By revenue growth (latest reported year), Affiliated Managers Group, Inc.
(AMG) is pulling ahead at 19. 8% versus 4. 5% for Diamond Hill Investment Group, Inc. (DHIL). On earnings-per-share growth, the picture is similar: Affiliated Managers Group, Inc. grew EPS 50. 3% year-over-year, compared to 14. 4% for Diamond Hill Investment Group, Inc.. Higher growth typically commands a higher valuation multiple — check whether the premium P/E or P/S is justified by the growth rate using the PEG ratio.
06Which has better profit margins — AMG or DHIL?
Diamond Hill Investment Group, Inc.
(DHIL) is the more profitable company, earning 30. 9% net margin versus 29. 3% for Affiliated Managers Group, Inc. — meaning it keeps 30. 9% of every revenue dollar as bottom-line profit. Operating margin tells a similar story: DHIL leads at 38. 4% versus 31. 8% for AMG. At the gross margin level — before operating expenses — DHIL leads at 96. 0%, reflecting greater pricing power or product mix advantage. Stronger margins indicate durable pricing power, lower cost of revenue, or higher mix of software/services. They are one of the clearest signs of business quality.
07Is AMG or DHIL more undervalued right now?
The PEG ratio (forward P/E divided by expected earnings growth rate) is the most precise measure of undervaluation relative to growth potential.

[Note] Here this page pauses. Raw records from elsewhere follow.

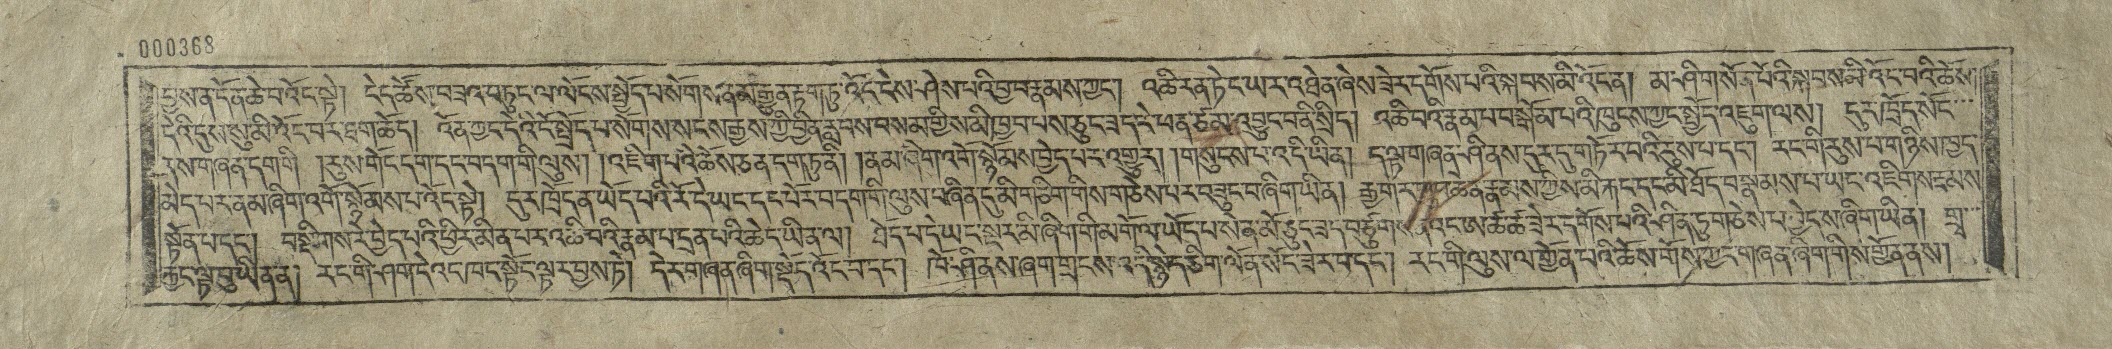བྱས་ན་དོན་ཆེ་བ་འོང་སྟེ། ངེད་ཚོས་བཟའ་བཏུང་ལ་ལོངས་སྤྱོད་པ་སོགས་ནམ་རྒྱུན་རྟག་ཏུ་འོང་ངེས་ཤེས་པའི་བྱ་བ་རྣམས་ཀྱང་། འཆི་རན་ཏེ་ང་ཡར་འཐེན་ཞེས་ཟེར་དགོས་པའི་སྐབས་མི་འོང་ན། མ་ཤི་གསོན་པོའི་སྐབས་མི་འོང་བའི་ཆོས།
དེའི་དུས་སུ་མི་འོང་བར་ཐག་ཆོད། འོན་ཀྱང་དེའི་ངོ་སྤྲོད་པ་སོགས་སངས་རྒྱས་ཀྱི་བྱིན་རླབས་བསམ་གྱིས་མི་ཁྱབ་པས་ཅུང་ཟད་རེ་ཕན་ཙམ་འབྱུང་བ་ནི་སྲིད། འཆི་བའི་རྣམ་པ་བསྒོམ་པའི་ཁུངས་ཀྱང་སྤྱོད་འཇུག་ལས། དུར་ཁྲོད་སོང་
ནས་གཞན་དག་གི །རུས་གོང་དག་དང་བདག་གི་ལུས། །འཇིག་པའི་ཆོས་ཅན་དག་ཏུ་ནི། །ནམ་ཞིག་འགོ་སྙོམས་བྱེད་པར་འགྱུར། །གསུངས་པ་འདི་ཡིན། ད་ལྟ་གཞན་ཤི་ནས་དུར་དུ་གཏོར་བའི་རུས་པ་དང་། རང་གི་རུས་པ་གཉིས་ཁྱད་
མེད་པར་ནམ་ཞིག་འགོ་སྙོམས་པ་འོང་སྟེ། དུར་ཁྲོད་ན་ཡོད་པའི་རོ་དེ་ཡང་དང་པོར་བདག་གི་ལུས་བཞིན་དུ་མི་གཅིག་གིས་གཅེས་པར་བཟུང་བ་ཞིག་ཡིན། རྒྱ་གར་གྲུབ་ཆེན་རྣམས་ཀྱིས་མི་རྐང་དང་མི་ཐོད་བསྣམས་པ་ཡང་འཇིགས་རྔམས་
སྟོན་པ་དང་། བསྡིགས་རེ་བྱེད་པའི་ཕྱིར་མིན་པར་འཆི་བའི་རྣམ་པ་དྲན་པའི་ཆེད་ཡིན་ལ། ཐོད་པ་དེ་ཡང་སྔར་མི་ཞིག་གི་མགོ་ལ་ཡོད་པ་སེན་མོ་ཅུང་ཟད་བཙུགས་ནའང་ཨ་ཚ་ཚ་ཟེར་དགོས་པའི་ཤིན་ཏུ་གཅེས་པ་བྱེད་ས་ཞིག་ཡིན། གྲྭ་
རྐྱང་ལྟ་བུ་ཡིན་ན། རང་གི་ཤག་དེའང་ཁང་སྟོང་ལྟར་བྱས་ཏེ། དེར་གཞན་ཞིག་སྡོད་འོང་བ་དང་། ཁོ་ཤི་ནས་ཞག་གྲངས་འདི་སྙེད་ཅིག་ལོན་སོང་ཟེར་བ་དང་། རང་གི་ལུས་ལ་གྱོན་པའི་ཆོས་གོས་ཀྱང་གཞན་ཞིག་གིས་གྱོན་ནས།

By this metric, Affiliated Managers Group, Inc. (AMG) is the more undervalued stock at a PEG of 0. 23x versus Diamond Hill Investment Group, Inc. 's 1. 14x. A PEG below 1. 0 is traditionally considered the threshold for growth-adjusted undervaluation. On forward earnings alone, Affiliated Managers Group, Inc. (AMG) trades at 9. 2x forward P/E versus 9. 5x for Diamond Hill Investment Group, Inc. — 0. 3x cheaper on a one-year earnings basis.
08Which pays a better dividend — AMG or DHIL?
In this comparison, DHIL (5.
7% yield) pays a dividend. AMG does not pay a meaningful dividend and should not be held primarily for income.
09Is AMG or DHIL better for a retirement portfolio?
For long-horizon retirement investors, Diamond Hill Investment Group, Inc.
(DHIL) is the stronger choice — it scores higher on the combination of lower volatility, dividend reliability, and long-term compounding (low volatility (β 0. 57), 5. 7% yield). Both have compounded well over 10 years (DHIL: +54. 5%, AMG: +89. 1%), confirming both are viable long-term holds — but the lower-volatility option typically results in less emotional selling during corrections. Retirement portfolios generally favour predictability over maximum returns. Consult a financial advisor before making allocation decisions.
10What are the main differences between AMG and DHIL?
Both stocks operate in the Financial Services sector, making this a peer-level intra-sector comparison — the same macro tailwinds and headwinds will affect both.
In terms of investment character: AMG is a small-cap high-growth stock; DHIL is a small-cap deep-value stock. DHIL pays a dividend while AMG does not, making them suitable for different income and tax situations. These fundamental differences mean investors should not choose between them on a single metric — the "better stock" depends entirely on which of these characteristics aligns with your investment strategy.